Example 28 is the method of Example 27, where lower predictors are selected over higher predictors.
Example 29 is the method of Example 24, further comprising generating the variety of versions of the code at compile time.
Example 30 is the method of Example 24, further comprising generating the variety of versions of the code at compile time as defined by a compiler.
Example 31 is the method of Example 24, where the variety of versions of the code includes a variety of versions of a block of the code.
Example 32 is the method of Example 31, where the block of the code includes a loop of code that is part of the code.
Example 33 is the method of Example 24, where of the variety of versions of the code includes different versions for a same code.
Example 34 is the method of Example 24, further comprising generating the metrics at run time.
Example 35 is the method of Example 24, further comprising generating the metrics at compile time.
Example 36 is a method for selecting a code path at run time. The method includes dynamically monitoring a variety of runtime metrics of an execution of a first version of code, and determining a first energy efficiency of the first version of the code based on the variety of runtime metrics.

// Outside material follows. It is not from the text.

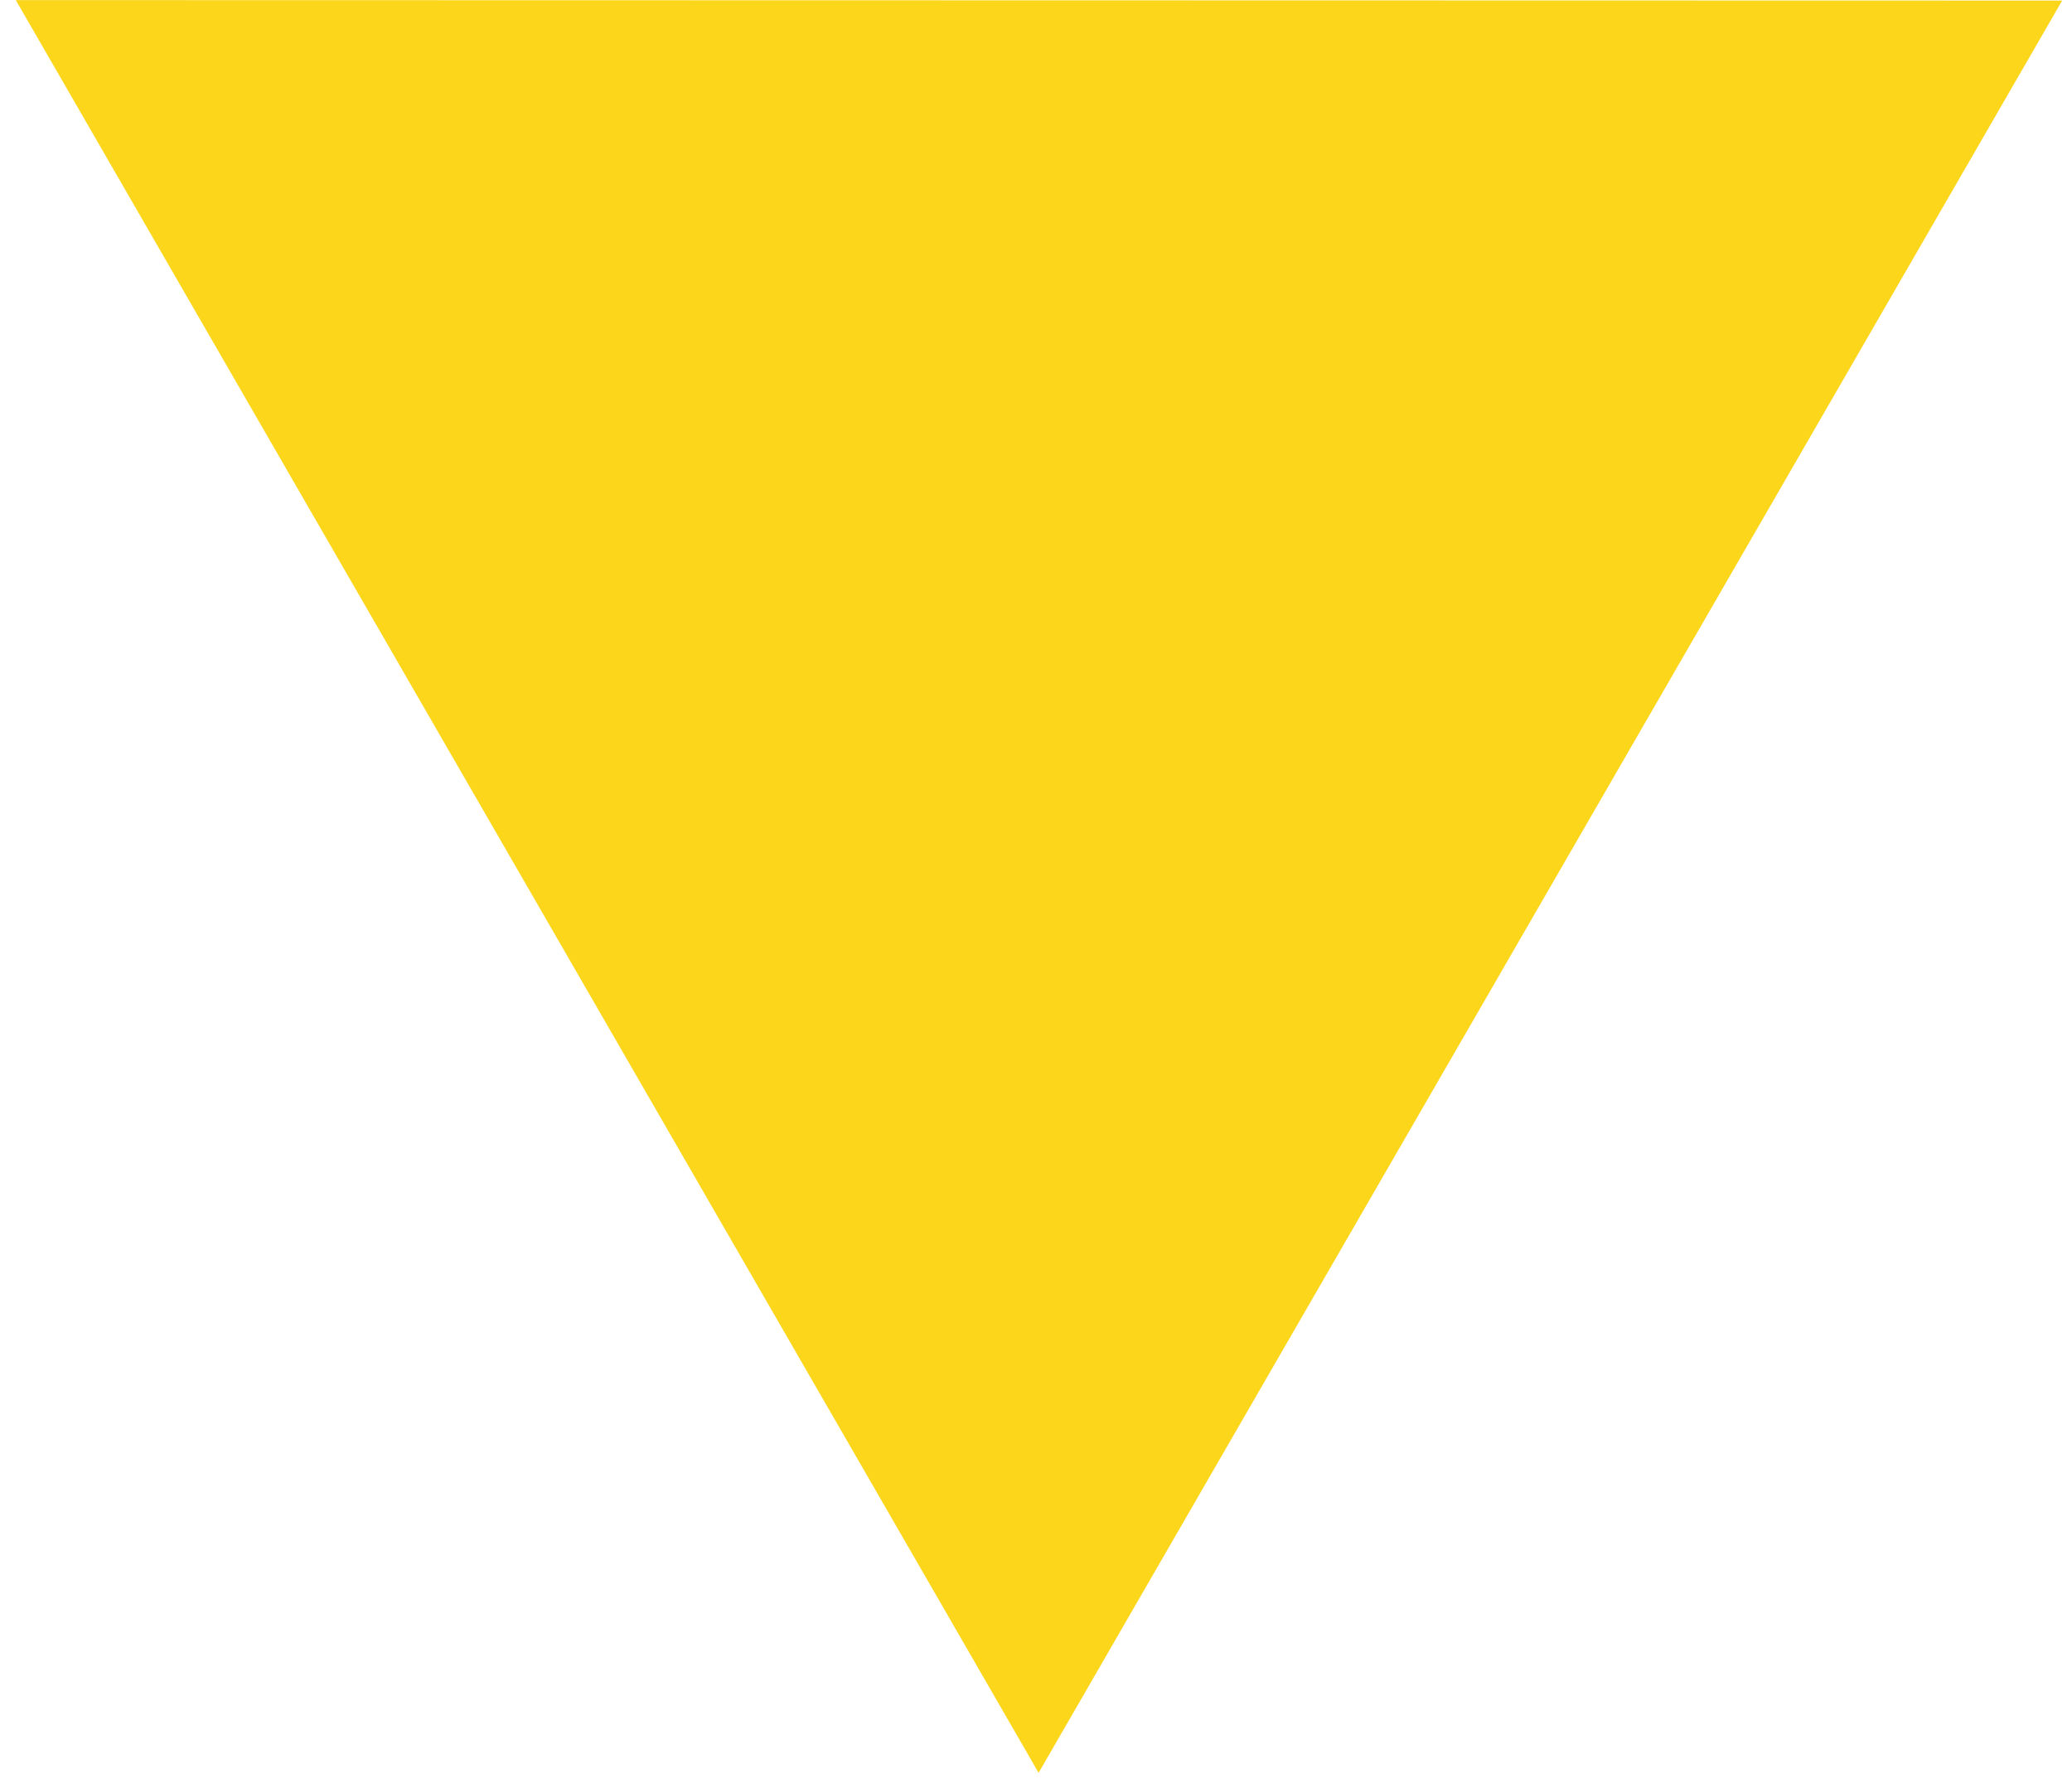 <?xml version="1.0" encoding="UTF-8"?> <svg xmlns="http://www.w3.org/2000/svg" width="124" height="107" viewBox="0 0 124 107" fill="none"> <path d="M123.412 0.033L62.156 106.079L0.945 0.006L123.412 0.033Z" fill="#FCD61B"></path> </svg> 
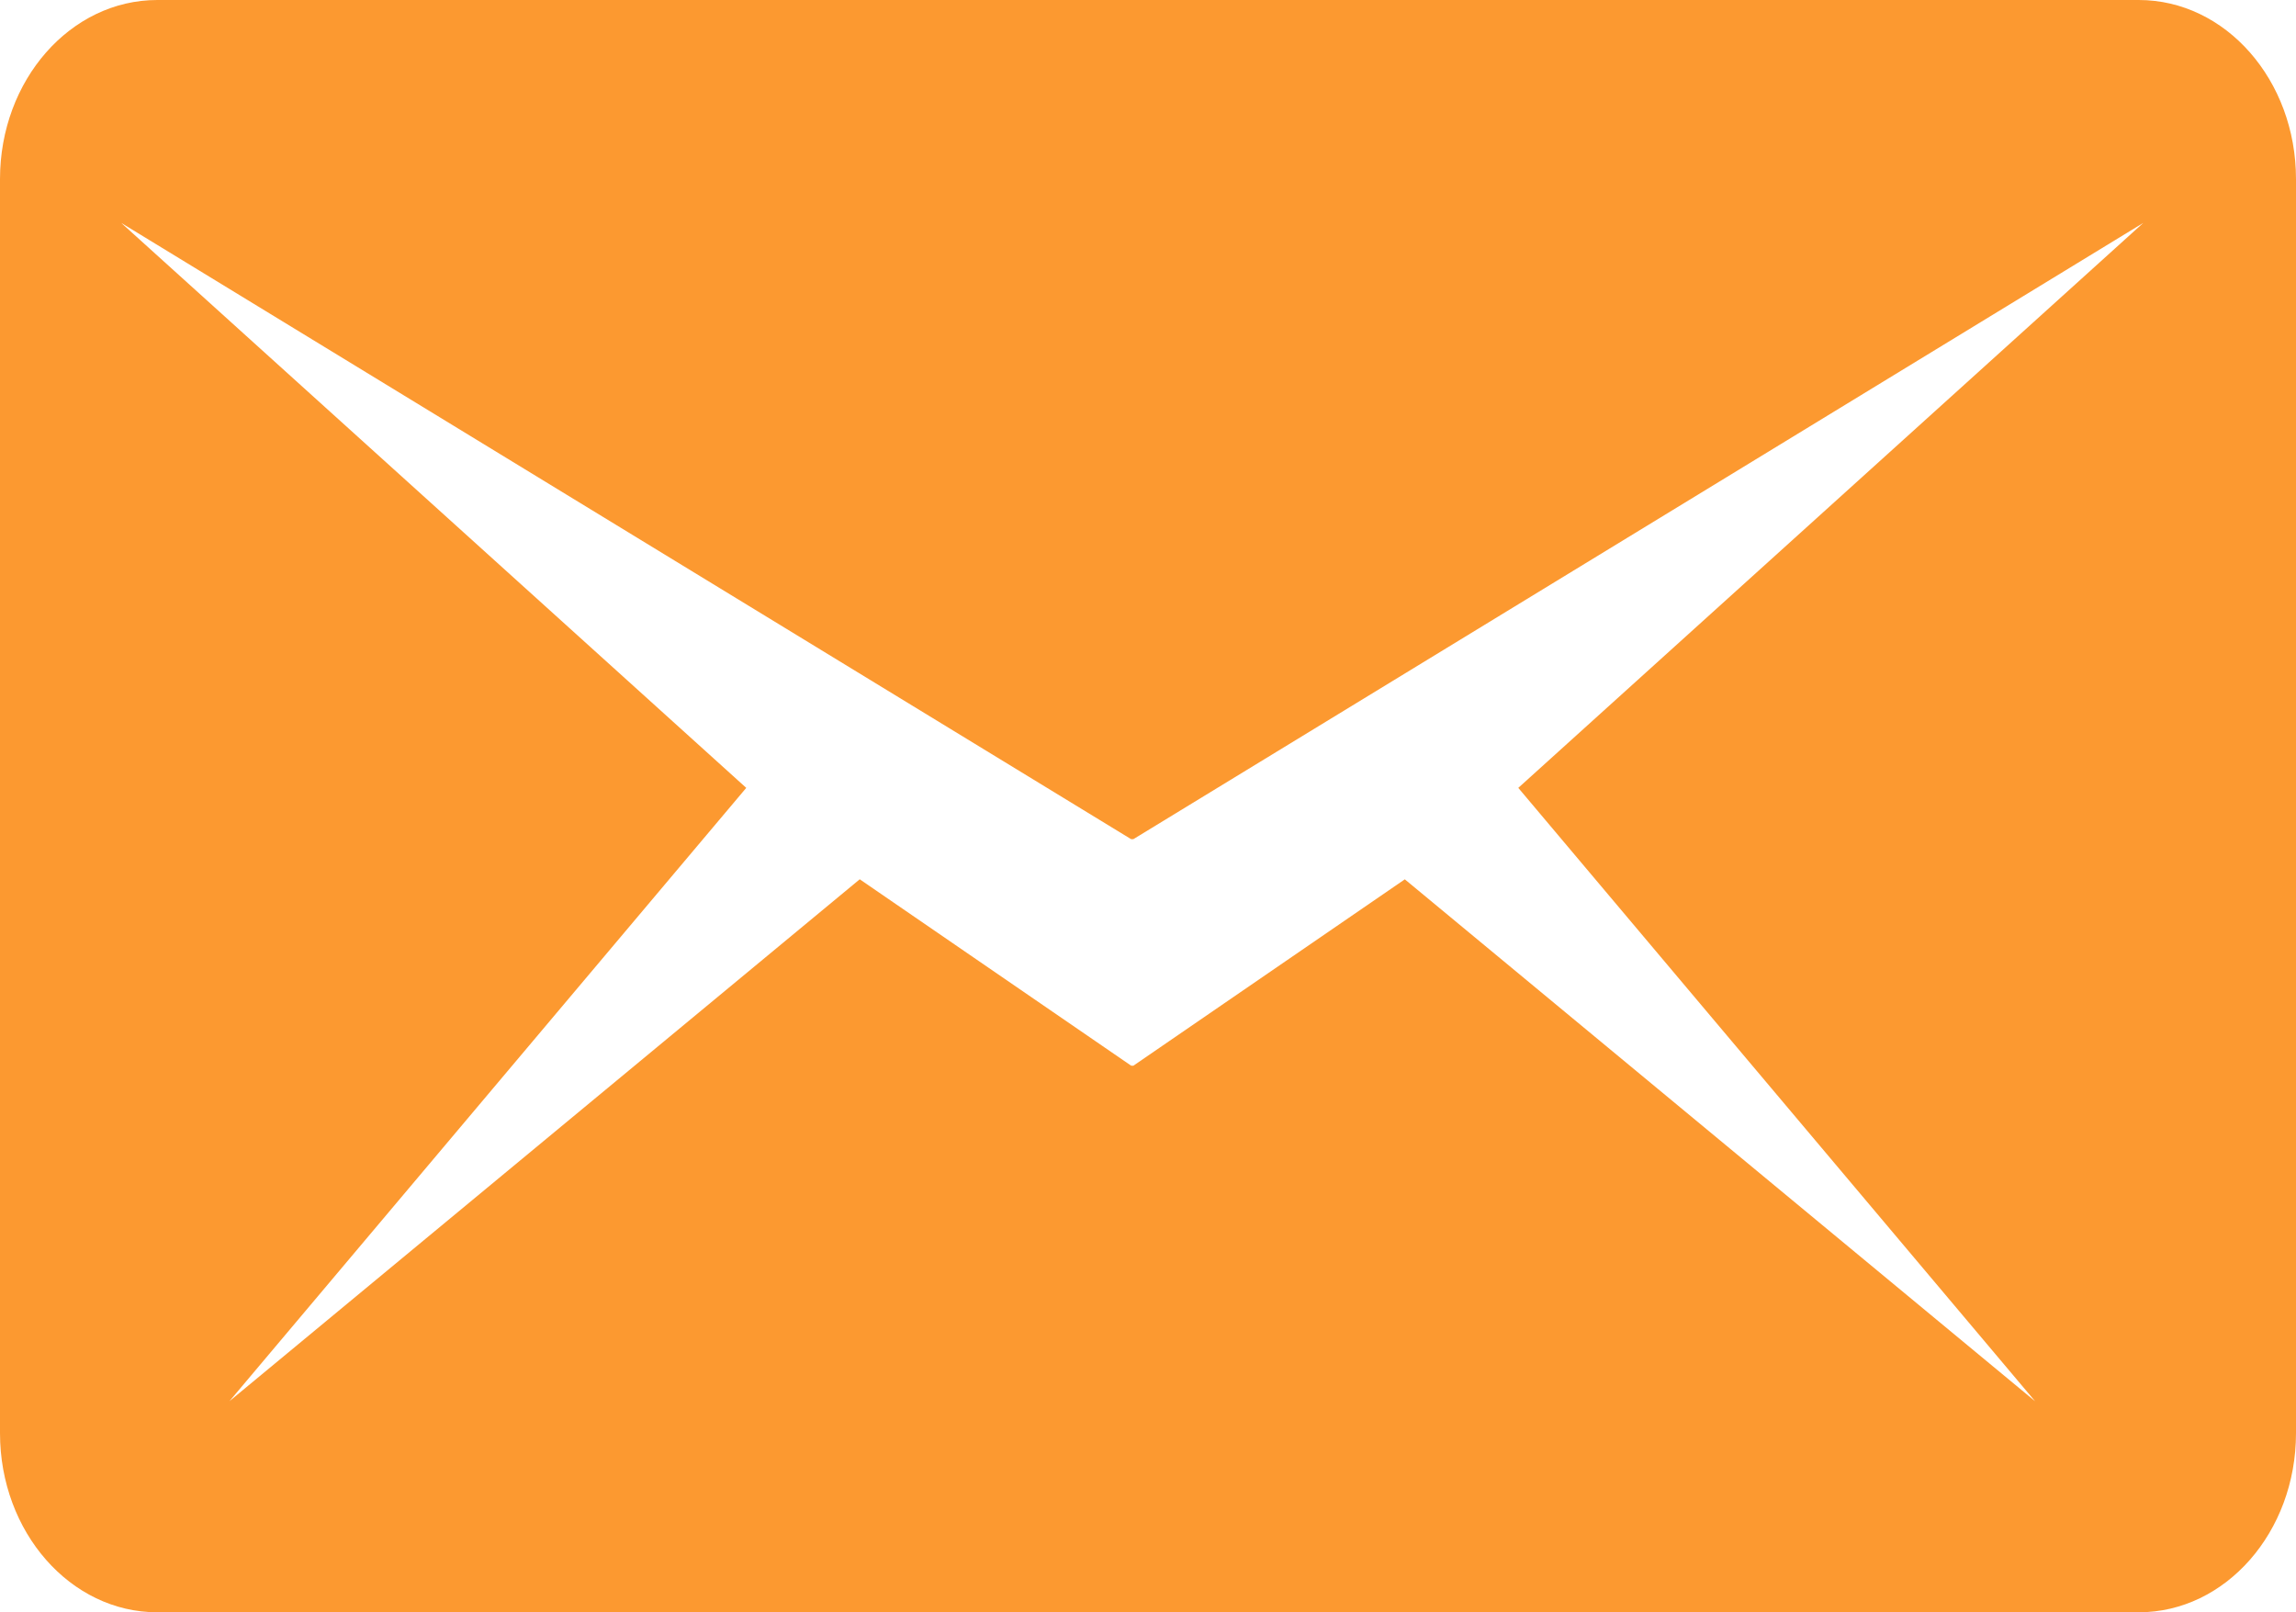 <svg xmlns="http://www.w3.org/2000/svg" width="47" height="33" viewBox="0 0 47 33"><g><g><path fill="#fc9930" d="M43.78 0C45.559 0 47 1.64 47 3.667v25.666C47 31.358 45.558 33 43.78 33H3.22c-1.778 0-3.22-1.642-3.22-3.667V3.666C0 1.641 1.442 0 3.22 0zM23.2 21.813l5.557-3.815L41.66 28.681 31.08 16.126 43.873 4.563 23.2 17.176h-.045L2.482 4.563l12.794 11.563L4.696 28.68l12.903-10.683 5.556 3.815z"/></g></g></svg>

The method includes predicting a second energy efficiency of the first version of the code based on the variety of runtime metrics, predicting a third energy efficiency of a second version of the code based on the variety of runtime metrics, and selecting, at run time, one of the first version of the code and the second version of the code based on the first energy efficiency, the second energy efficiency, and the third energy efficiency.
Example 37 is the method of Example 36, where dynamically monitoring the variety of runtime metrics further includes dynamically monitoring power metrics and performance metrics.
Example 38 is the method of Example 37, where the performance metrics are determined based on a dynamic execution of the code.
Example 39 is the method of Example 36, where the variety of runtime metrics are mapped to instruction pointers corresponding to the first version of the code and the second version of the code.
Example 40 is at least one computer-readable storage medium having stored thereon computer-readable instructions, when executed, to implement a method as exemplified in any of Examples 17-39.
Example 41 is an apparatus comprising a manner to perform a method as exemplified in any of Examples 17-39.
Example 42 is a means for performing a manner as exemplified in any of Examples 17-39.
As used herein, the term “module” may refer to, be part of, or include an application specific integrated circuit (ASIC), an electronic circuit, a processor (shared, dedicated, or group) and/or memory (shared, dedicated, or group) that execute one or more software or firmware programs, a combinational logic circuit, and/or other suitable components that provide the described functionality.
It will be obvious to those having skill in the art that many changes may be made to the details of the above-described embodiments without departing from the underlying principles of the invention. The scope of the present invention should, therefore, be determined only by the following claims.
It will be understood by those having skill in the art that many changes may be made to the details of the above-described embodiments without departing from the underlying principles of the invention. The scope of the present invention should, therefore, be determined only by the following claims.